Required work:
Make an exact copy of all the entries, with the pictures left out.

┌──

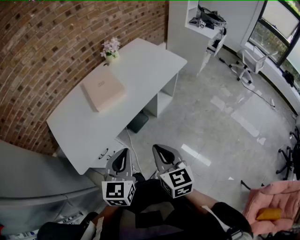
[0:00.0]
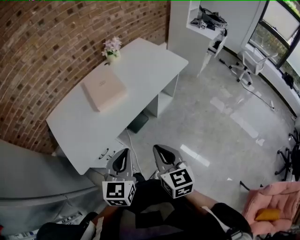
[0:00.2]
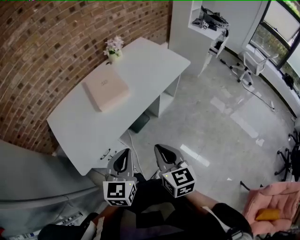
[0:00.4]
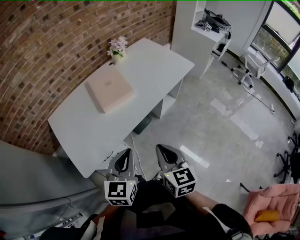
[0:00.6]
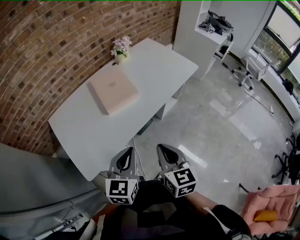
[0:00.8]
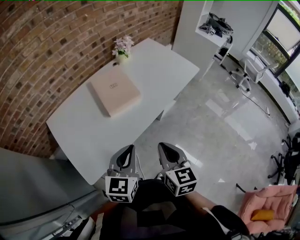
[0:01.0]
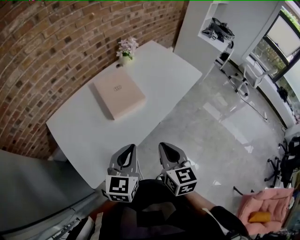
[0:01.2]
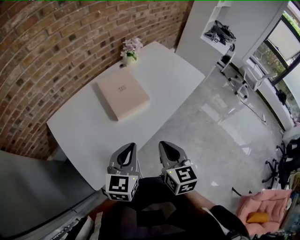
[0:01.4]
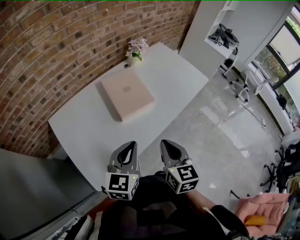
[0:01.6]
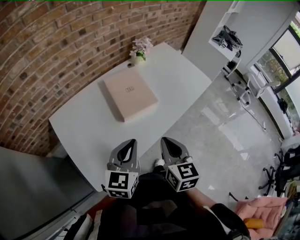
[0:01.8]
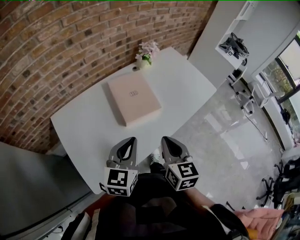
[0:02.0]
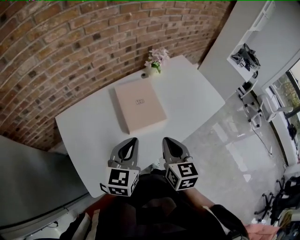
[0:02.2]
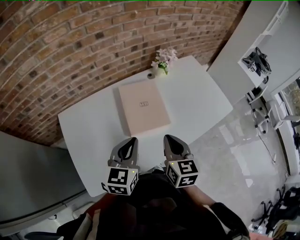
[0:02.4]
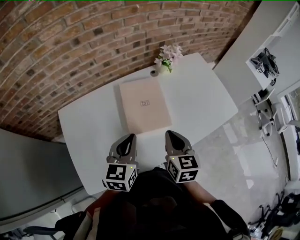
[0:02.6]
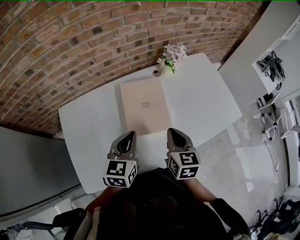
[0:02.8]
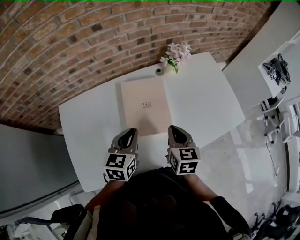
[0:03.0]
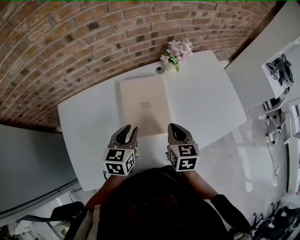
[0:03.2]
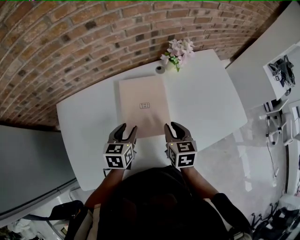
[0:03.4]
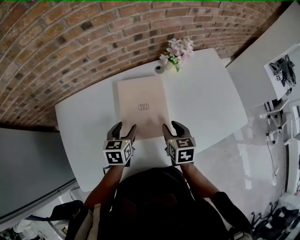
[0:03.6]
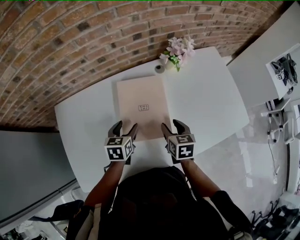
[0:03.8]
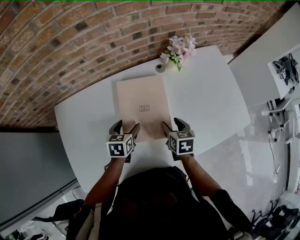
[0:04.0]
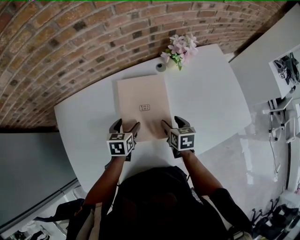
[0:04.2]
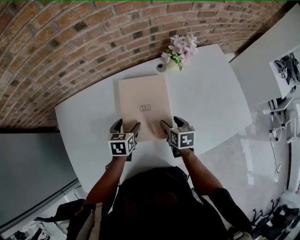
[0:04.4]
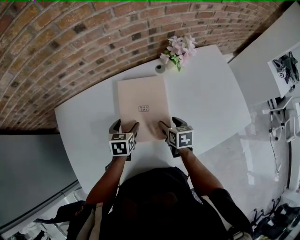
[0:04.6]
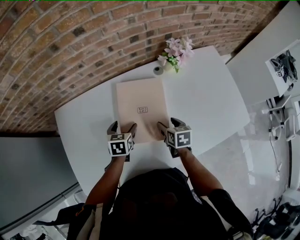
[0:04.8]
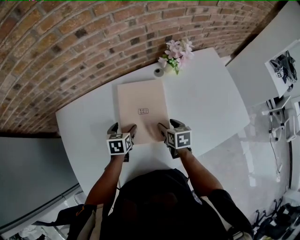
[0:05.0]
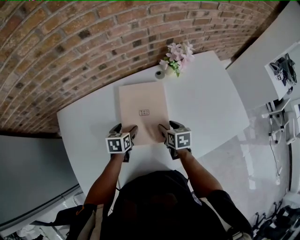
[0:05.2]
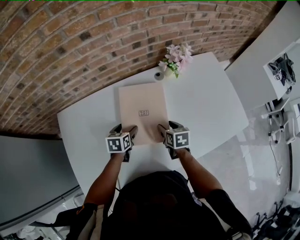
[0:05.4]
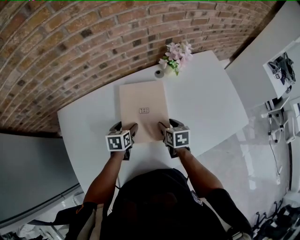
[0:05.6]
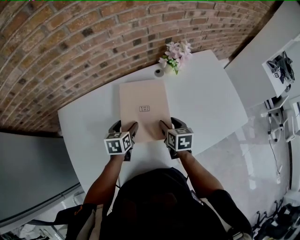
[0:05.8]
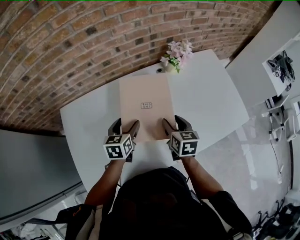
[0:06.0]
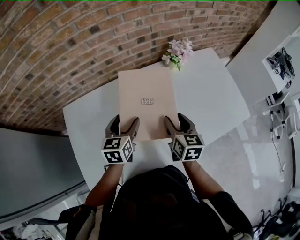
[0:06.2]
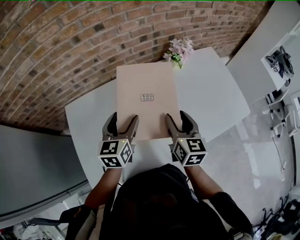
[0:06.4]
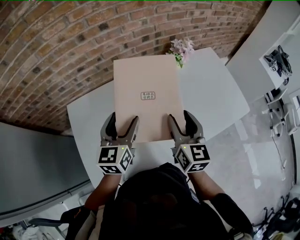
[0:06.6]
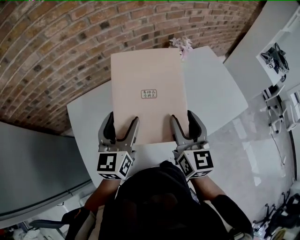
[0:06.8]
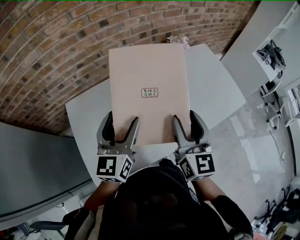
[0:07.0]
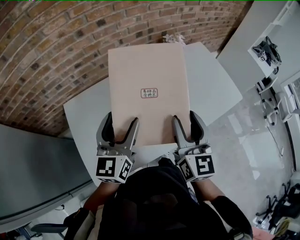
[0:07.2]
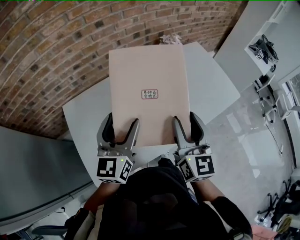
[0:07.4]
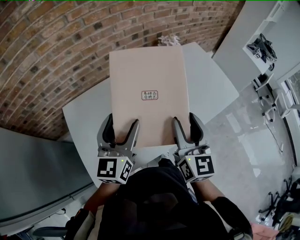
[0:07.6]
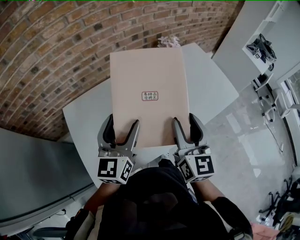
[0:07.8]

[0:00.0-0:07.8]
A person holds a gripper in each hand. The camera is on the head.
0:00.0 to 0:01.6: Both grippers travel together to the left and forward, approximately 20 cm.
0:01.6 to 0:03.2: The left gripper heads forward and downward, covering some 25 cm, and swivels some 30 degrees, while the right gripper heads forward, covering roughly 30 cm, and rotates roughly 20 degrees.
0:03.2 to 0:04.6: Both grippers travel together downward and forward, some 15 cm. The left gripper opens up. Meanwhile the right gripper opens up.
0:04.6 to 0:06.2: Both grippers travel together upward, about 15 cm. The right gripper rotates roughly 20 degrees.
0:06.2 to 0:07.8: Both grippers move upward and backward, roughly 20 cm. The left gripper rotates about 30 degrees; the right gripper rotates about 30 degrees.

└──

Your solution:
[0:00.0]
[0:00.2]
[0:00.4]
[0:00.6]
[0:00.8]
[0:01.0]
[0:01.2]
[0:01.4]
[0:01.6]
[0:01.8]
[0:02.0]
[0:02.2]
[0:02.4]
[0:02.6]
[0:02.8]
[0:03.0]
[0:03.2]
[0:03.4]
[0:03.6]
[0:03.8]
[0:04.0]
[0:04.2]
[0:04.4]
[0:04.6]
[0:04.8]
[0:05.0]
[0:05.2]
[0:05.4]
[0:05.6]
[0:05.8]
[0:06.0]
[0:06.2]
[0:06.4]
[0:06.6]
[0:06.8]
[0:07.0]
[0:07.2]
[0:07.4]
[0:07.6]
[0:07.8]

[0:00.0-0:07.8]
A person holds a gripper in each hand. The camera is on the head.
0:00.0 to 0:01.6: Both grippers travel together to the left and forward, approximately 20 cm.
0:01.6 to 0:03.2: The left gripper heads forward and downward, covering some 25 cm, and swivels some 30 degrees, while the right gripper heads forward, covering roughly 30 cm, and rotates roughly 20 degrees.
0:03.2 to 0:04.6: Both grippers travel together downward and forward, some 15 cm. The left gripper opens up. Meanwhile the right gripper opens up.
0:04.6 to 0:06.2: Both grippers travel together upward, about 15 cm. The right gripper rotates roughly 20 degrees.
0:06.2 to 0:07.8: Both grippers move upward and backward, roughly 20 cm. The left gripper rotates about 30 degrees; the right gripper rotates about 30 degrees.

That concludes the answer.